Ray Maskill

Personal information
- Full name: Raymond Eitel Maskill
- Born: fourth 1⁄4 1905 Pontefract district, England
- Died: unknown

Playing information
- Position: Prop, Second-row
Club
| Years | Team | Pld | T | G | FG | P |
| 1928–31 | Castleford | 20 | 1 | 0 | 0 | 3 |
| 1932–34 | Wakefield Trinity | 31 | 0 | 0 | 0 | 0 |
| 1936–46 | Hull Kingston Rovers | 115 | 8 | 0 | 0 | 24 |
|  | Total | 166 | 9 | 0 | 0 | 27 |

= Raymond Maskill =

English rugby league footballer

Raymond Eitel Maskill (fourth 1/4 1905 – death unknown) was an English professional rugby league footballer who played in the 1920s, 1930s and 1940s.
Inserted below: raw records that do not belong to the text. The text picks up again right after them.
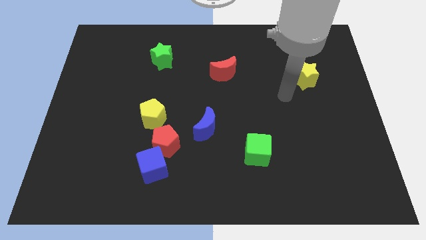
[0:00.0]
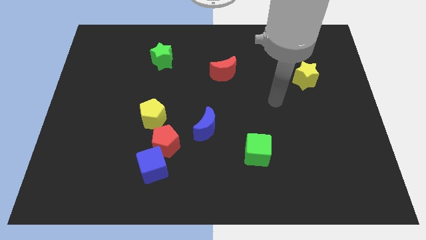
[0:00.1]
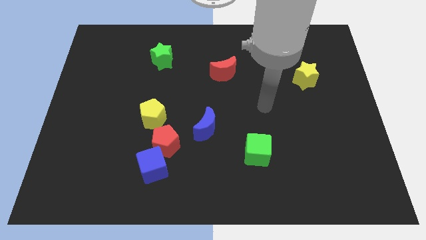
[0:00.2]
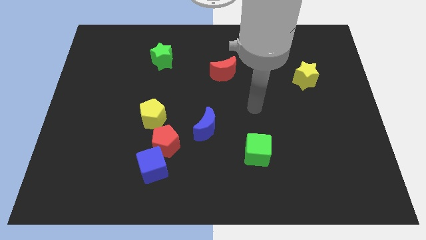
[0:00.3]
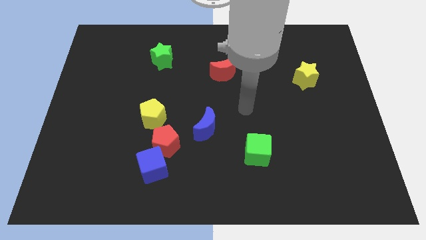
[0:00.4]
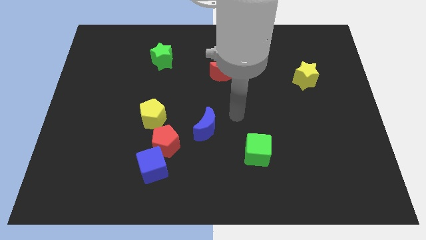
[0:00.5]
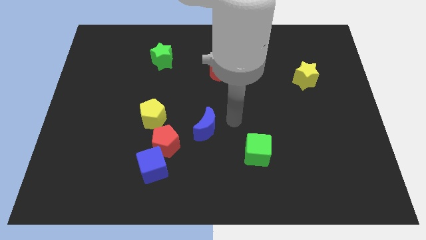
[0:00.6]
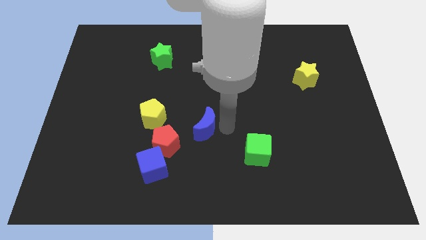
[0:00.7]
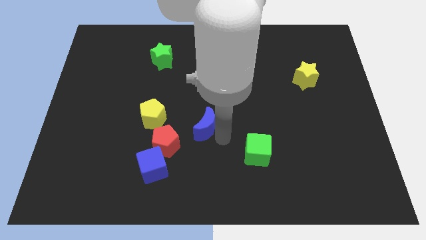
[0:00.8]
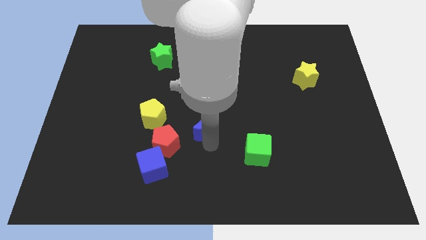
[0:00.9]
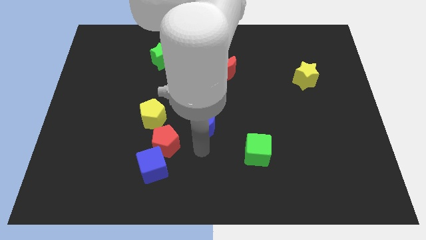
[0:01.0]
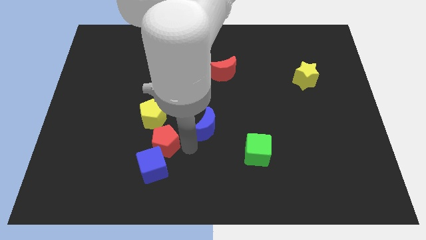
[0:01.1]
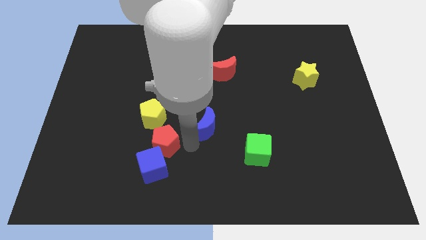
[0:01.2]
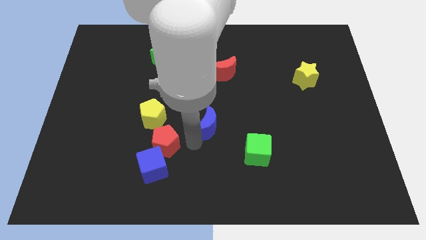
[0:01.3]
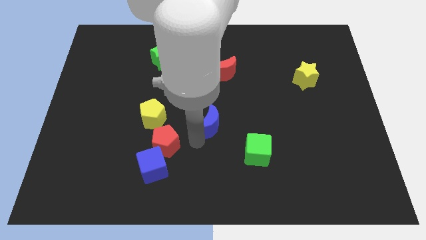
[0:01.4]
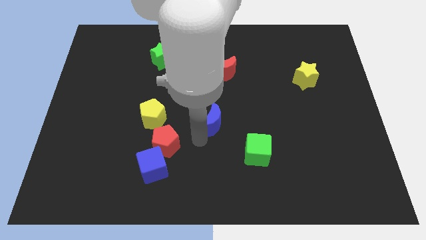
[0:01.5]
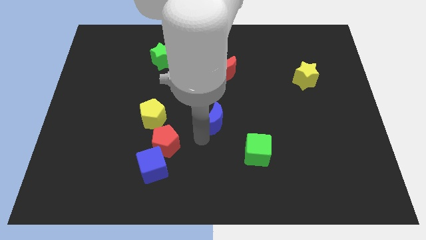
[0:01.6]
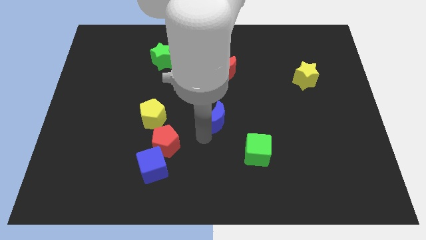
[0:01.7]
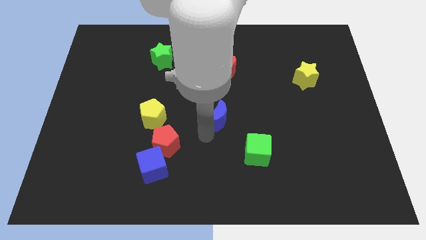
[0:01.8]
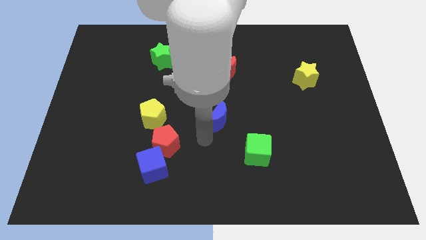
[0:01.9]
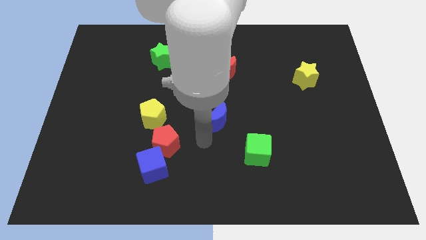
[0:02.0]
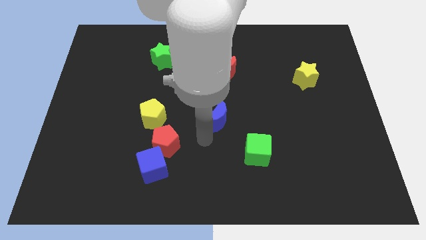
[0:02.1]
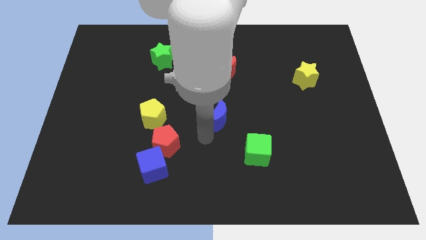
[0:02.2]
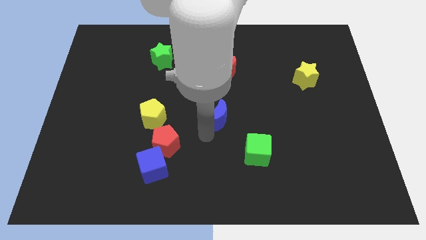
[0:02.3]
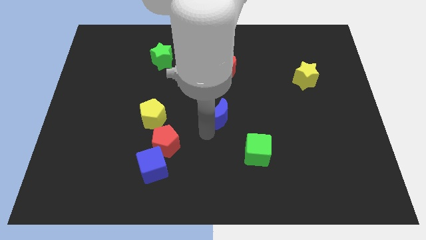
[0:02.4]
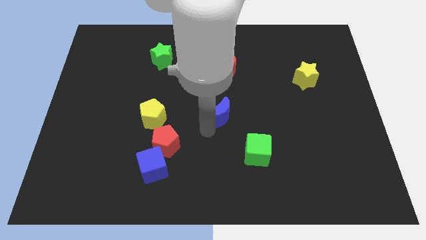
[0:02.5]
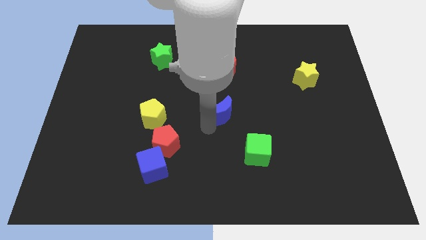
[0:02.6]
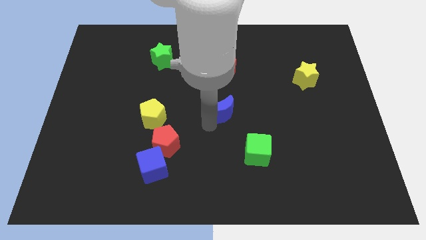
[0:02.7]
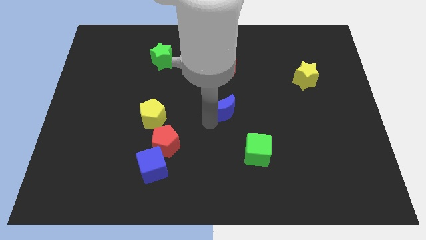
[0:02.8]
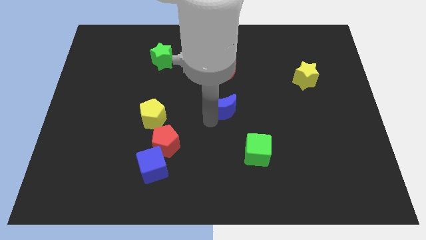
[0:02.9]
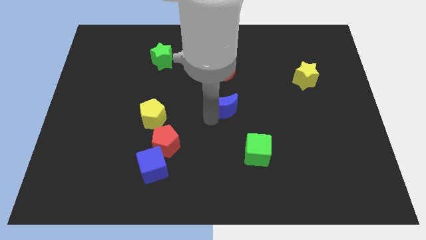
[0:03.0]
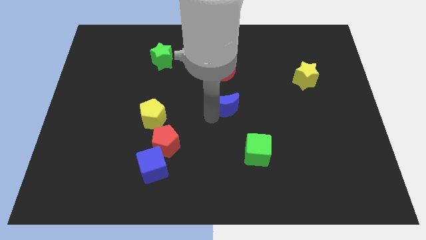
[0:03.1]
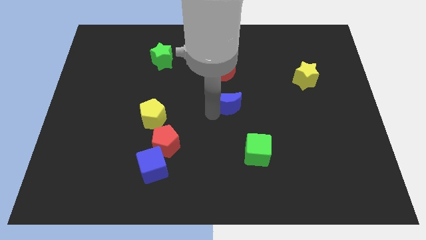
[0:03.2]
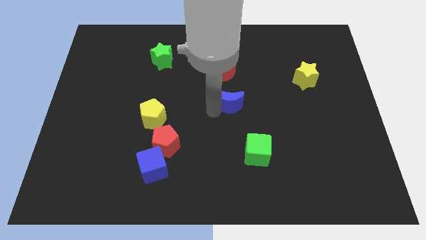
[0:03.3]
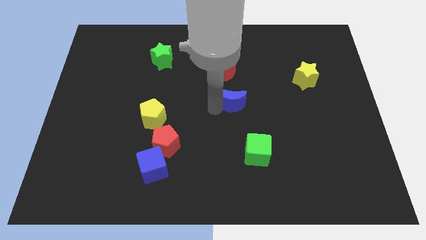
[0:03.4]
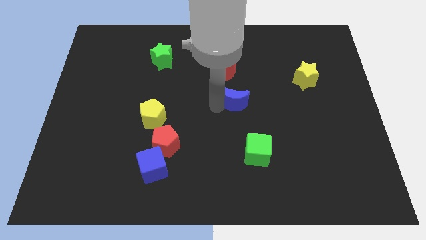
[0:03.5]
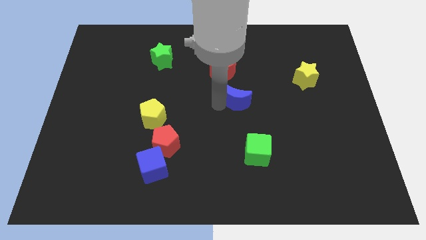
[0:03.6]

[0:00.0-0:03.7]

He played at club level for Castleford, Wakefield Trinity and Hull Kingston Rovers, as a or .

==Background==
Raymond Maskill's birth was registered in Pontefract district, West Riding of Yorkshire, England.

==Playing career==
===Club career===
Raymond Maskill made his début for Castleford on Saturday 17 November 1928, he played his last match for Castleford on Saturday 3 October 1931, he transferred from Castleford to Wakefield Trinity, he made his début for Wakefield Trinity during February 1932, he played his last match for Wakefield Trinity during September 1934, he transferred from Wakefield Trinity to Hull Kingston Rovers, he made his début for the Hull Kingston Rovers on Saturday 29 August 1936, and he played his last match for the Hull Kingston Rovers on Saturday 12 January 1946.

==Note==
"The Robins: An Official History of Hull Kingston Rovers" has Raymond Maskill playing 115-matches, scoring 8-tries for 24-points, whereas "Hull Kingston Rovers - A Centenary History 1883-1983" has him playing 114-matches, scoring 7-tries for 21-points.